The Foundry Cloud described in this article is limited to the V1 version, the V2 version will follow up.

An app start

An app start mainly refers to the application of the user request, so Foundry Cloud to create an application, or to start an application. It should be noted that, in the an app start before, Foundry Cloud every DEA in the app does not have the file. A DEA to accept an app start request, the DEA must from local storage droplet, droplet download and under the DEA of the node where the path to a file decompression modified droplet, started at the end of the droplet after extracting the application startup scripts. In this case, the DEA file system will have a corresponding file directory exists.

The above operation of the code to achieve, in the process_dea_start /dea/lib/dea/agent.rb method:

[ruby] View PlainCopy在代码上查看代码片派生到我的代码片
  1. Tgz_file =File(.Join@staged_dir,"#{sha1}.tgz")
  2. Instance_dir =File(.Join@apps_dir,"#{name}-#{instance_index}-#{instance_id}")
This part of the code generation applications where DEA compressed package file directory and the concrete implementation of the file directory, and in the subsequent success = stage app dir (bits file, bits URI and SHA1, tgz file, instance dir, the runtime) achieve download application source code to instance dir. After the completion of the start, more than instance_dir, is the application of the file path.

Summary: an app start create a file directory on a DEA and start the application.

An app stop

An app stop mainly refers to the application of the user request, so that Foundry Cloud to stop an application running. It should be noted that, before an app stop, must be in the operation of the application, the application of the file directory as well as the source code already exists in a DEA file system. Controller stop after receiving the user's an app Cloud request, the first application will be found to run the DEA node, and the DEA to send stop requests for the application.

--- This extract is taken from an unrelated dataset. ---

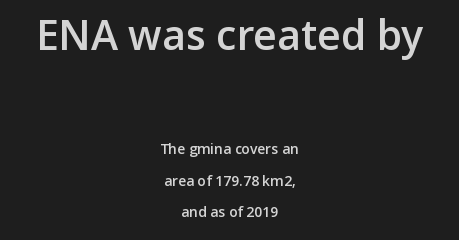
Posture: vertical. Compared with typical body copy, the letter spacing here is the same. The line-height multiplier appears high, well above default. The space beneath each line is pristine and unruled. The passage shown is typed in a proportional face where columns would drift. The composition opens big and finishes small.
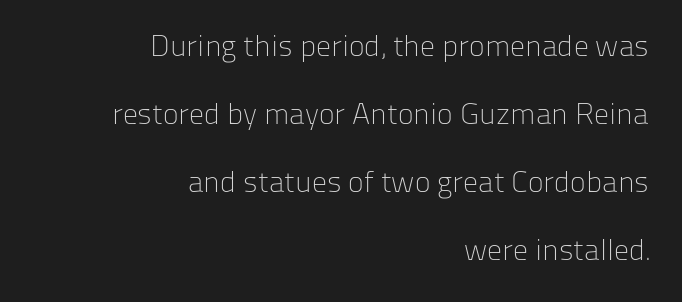
Right-aligned paragraph, ragged on the left. The typography opts for an upright posture over an oblique one. Is this a fixed-width face? No — the glyphs have proportional, varying widths. Is the stroke heavy? The answer is a plain regular-or-lighter. Vertically, the passage feels expansive, rows floating well apart.
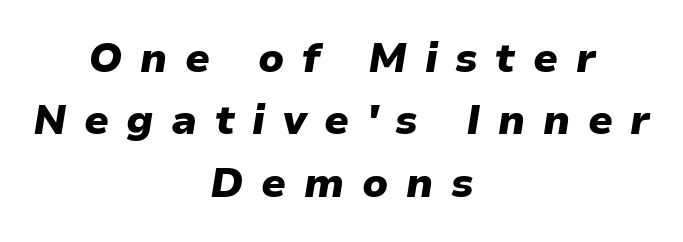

When DEA receives the request, the process_dea_stop method is executed, as follows:

[ruby] View PlainCopy在代码上查看代码片派生到我的代码片
  1. NATS.subscribe ('dea.stop'() {process_dea_stop MSG (|msg|)}
In process_dea_stop, the main implementation is the application of the stop, including all the examples of the application, the code is as follows:

[ruby] View PlainCopy在代码上查看代码片派生到我的代码片
  1. Return UnlessInstances =@droplets[droplet_id]
  2. Instances.each_valueDo|instance|
  3. Version_matched = version.Nil|| instance[?Version= = version]
  4. Instance_matched = instance_ids.Nil|| (instance[? Instance_ids.include?Instance_id])
  5. Index_matched = indices.Nil|| (instance[? Indices.include?Instance_index])
  6. State_matched = states.Nil|| (instance[? States.include?: state].to_s)
  7.   If(version_matched & & instance_matched & & index_matched & & state_matched)
  8. Instance[Exit_reason=: STOPPEDIfSTARTING,: RUNNING].include? (instance[?: state])
  9.     IfInstance[: state= =]: CRASHED
  10. Instance[: state=: DELETED
  11. Instance[Stop_processed=]False  
  12.     End  
  13. Stop_droplet (instance)
  14.   End  
  15. End  
First now hash this @droplets object to find the location of the application of ID, and then traverse the application of all examples, in the case of the application for state processing, then the implementation of the stop_droplet method. That is to say the real implementation of the operation of the application examples in the stop_droplet method, the following into the method of code implementation:

[ruby] View PlainCopy在代码上查看代码片派生到我的代码片
  1.     DefStop_droplet (instance)
  2.       Return If(instance[Stop_processed])
  3. Send_exited_message (instance)
  4. Username = instance[Secure_user]
  5.   
  6.       If system thinks this process # is running, make sure to execute stop script  
  7.       IfInstance[: PID|| []: STARTING (instance[: RUNNING].include?: state])
  8. Instance[: state=: STOPPEDUnlessInstance[: state= =]: CRASHED
  9. Instance[State_timestamp=]Time.now.to_i
  10. Stop_script =File.join (instance[: dir],'stop')
  11. Insecure_stop_cmd ="#{instance[#{stop_script}: 2> /dev/null pid]}"  
  12. Stop_cmd =
  13.           If @secure  
  14.             "-c Su \" "#{insecure_stop_cmd}\" "#{username}""  
  15.           Else  
  16. Insecure_stop_cmd
  17.           End  
  18.         Unless(RUBY_PLATFORM = ~ /darwin/And @secure)
  19. Bundler.with_clean_env {system (stop_cmd)}
  20.         End  
  21.       End  
  22. ..................
  23. Cleanup_droplet (instance)
  24.     End  
Can be seen in the method, mainly through the implementation of the application to stop the script to achieve an app stop request. Among them, stop_script = File.join (instance[: dir],'stop') to find the location of the stop script, insecure_stop_cmd = "#{instance[#{stop_script}: 2> pid]} / dev / null "not generated script command, then through the variables of @secure remeshing stop CMD. Finally the implementation of Bundler.with_clean_env clean env {system (stop CMD)}. For the start of a new environment to make the operating system executes a script stop CMD.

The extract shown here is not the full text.